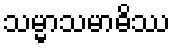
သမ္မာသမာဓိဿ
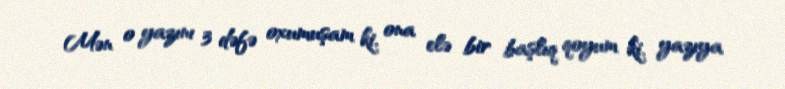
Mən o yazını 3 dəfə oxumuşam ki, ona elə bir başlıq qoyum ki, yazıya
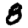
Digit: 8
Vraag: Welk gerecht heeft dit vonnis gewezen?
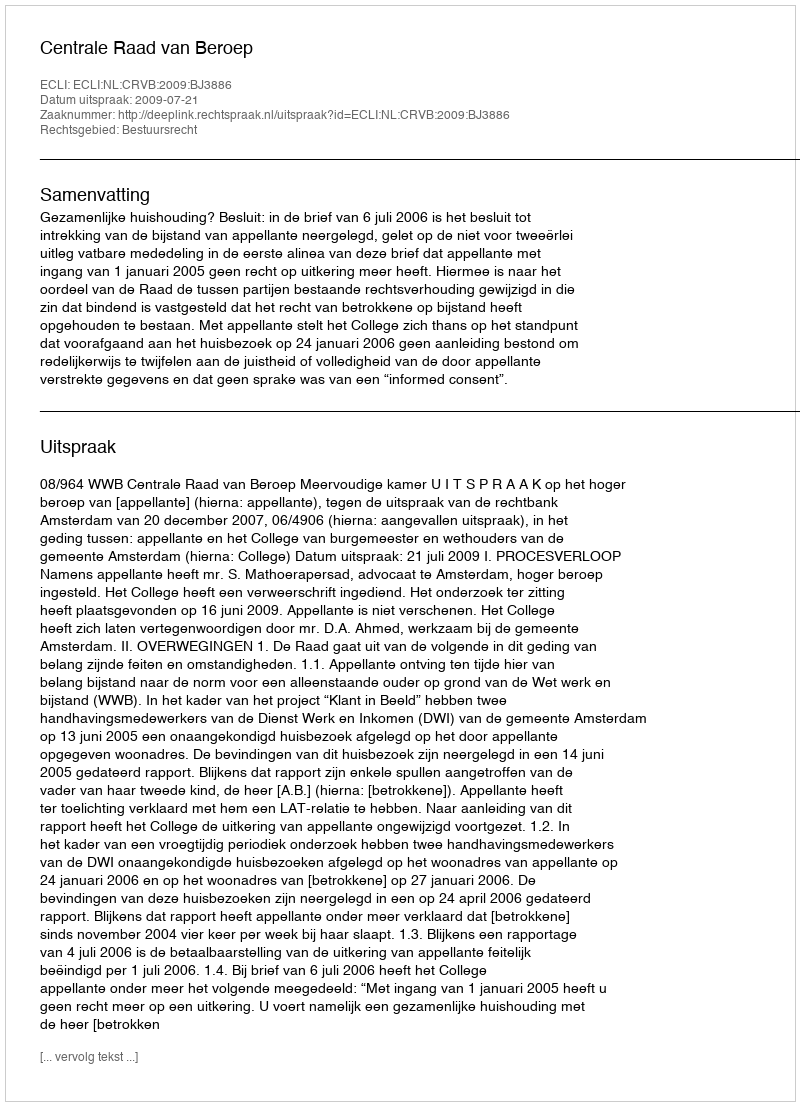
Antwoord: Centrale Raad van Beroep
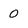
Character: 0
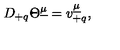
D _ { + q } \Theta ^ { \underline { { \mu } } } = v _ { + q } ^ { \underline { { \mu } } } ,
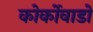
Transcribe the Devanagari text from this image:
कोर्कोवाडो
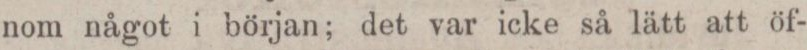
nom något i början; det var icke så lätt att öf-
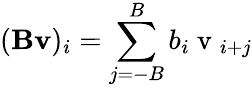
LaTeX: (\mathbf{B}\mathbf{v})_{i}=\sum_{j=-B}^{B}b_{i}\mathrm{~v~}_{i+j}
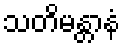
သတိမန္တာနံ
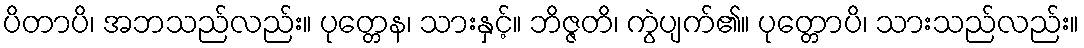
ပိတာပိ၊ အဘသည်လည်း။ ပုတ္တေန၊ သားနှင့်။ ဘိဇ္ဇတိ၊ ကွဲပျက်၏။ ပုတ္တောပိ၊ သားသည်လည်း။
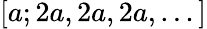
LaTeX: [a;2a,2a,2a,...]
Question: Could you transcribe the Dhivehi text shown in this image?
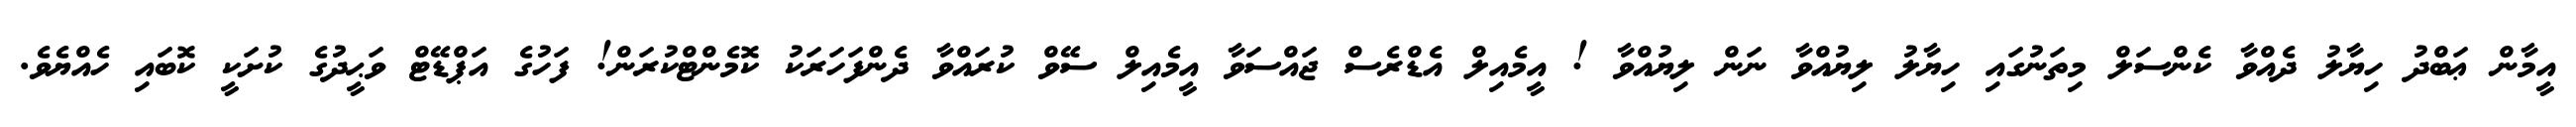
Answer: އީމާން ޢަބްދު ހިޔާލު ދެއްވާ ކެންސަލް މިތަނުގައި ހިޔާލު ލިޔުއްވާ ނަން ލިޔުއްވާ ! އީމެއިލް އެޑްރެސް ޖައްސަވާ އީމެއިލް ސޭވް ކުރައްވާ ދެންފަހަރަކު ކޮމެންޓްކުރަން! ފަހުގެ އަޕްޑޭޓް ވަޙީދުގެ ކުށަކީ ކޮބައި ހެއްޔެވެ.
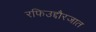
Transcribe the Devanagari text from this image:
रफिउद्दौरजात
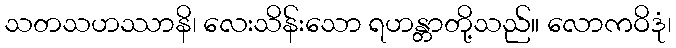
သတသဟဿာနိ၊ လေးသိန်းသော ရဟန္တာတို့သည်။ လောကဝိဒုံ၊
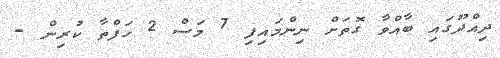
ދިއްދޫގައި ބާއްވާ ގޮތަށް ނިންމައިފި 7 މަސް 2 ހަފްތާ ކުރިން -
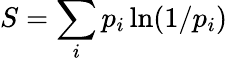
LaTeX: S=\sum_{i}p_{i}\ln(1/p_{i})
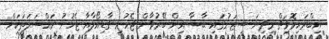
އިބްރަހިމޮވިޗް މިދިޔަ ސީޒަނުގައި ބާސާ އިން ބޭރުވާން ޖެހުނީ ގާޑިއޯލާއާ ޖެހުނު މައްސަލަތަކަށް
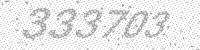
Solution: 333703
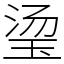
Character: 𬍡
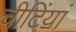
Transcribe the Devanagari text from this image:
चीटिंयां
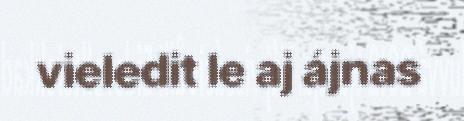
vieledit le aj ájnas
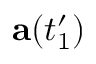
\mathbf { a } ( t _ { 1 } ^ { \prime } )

**What needs to be done:** Could you write out exactly the lines from the line containing "Vraag: Welk gerecht heeft dit vonnis gewezen?" to the end of the material, and nothing else? No pictures belong in the copy.

**Answer for this exercise:**
Vraag: Welk gerecht heeft dit vonnis gewezen?
Antwoord: Centrale Raad van Beroep
Character: 0
D _ { + q } \Theta ^ { \underline { { \mu } } } = v _ { + q } ^ { \underline { { \mu } } } ,
Transcribe the Devanagari text from this image:
कोर्कोवाडो
nom något i början; det var icke så lätt att öf-
LaTeX: (\mathbf{B}\mathbf{v})_{i}=\sum_{j=-B}^{B}b_{i}\mathrm{~v~}_{i+j}
သတိမန္တာနံ
ပိတာပိ၊ အဘသည်လည်း။ ပုတ္တေန၊ သားနှင့်။ ဘိဇ္ဇတိ၊ ကွဲပျက်၏။ ပုတ္တောပိ၊ သားသည်လည်း။
LaTeX: [a;2a,2a,2a,...]
Question: Could you transcribe the Dhivehi text shown in this image?
Answer: އީމާން ޢަބްދު ހިޔާލު ދެއްވާ ކެންސަލް މިތަނުގައި ހިޔާލު ލިޔުއްވާ ނަން ލިޔުއްވާ ! އީމެއިލް އެޑްރެސް ޖައްސަވާ އީމެއިލް ސޭވް ކުރައްވާ ދެންފަހަރަކު ކޮމެންޓްކުރަން! ފަހުގެ އަޕްޑޭޓް ވަޙީދުގެ ކުށަކީ ކޮބައި ހެއްޔެވެ.
Transcribe the Devanagari text from this image:
रफिउद्दौरजात
သတသဟဿာနိ၊ လေးသိန်းသော ရဟန္တာတို့သည်။ လောကဝိဒုံ၊
ދިއްދޫގައި ބާއްވާ ގޮތަށް ނިންމައިފި 7 މަސް 2 ހަފްތާ ކުރިން -
LaTeX: S=\sum_{i}p_{i}\ln(1/p_{i})
އިބްރަހިމޮވިޗް މިދިޔަ ސީޒަނުގައި ބާސާ އިން ބޭރުވާން ޖެހުނީ ގާޑިއޯލާއާ ޖެހުނު މައްސަލަތަކަށް
Solution: 333703
Character: 𬍡
Transcribe the Devanagari text from this image:
चीटिंयां
vieledit le aj ájnas
\mathbf { a } ( t _ { 1 } ^ { \prime } )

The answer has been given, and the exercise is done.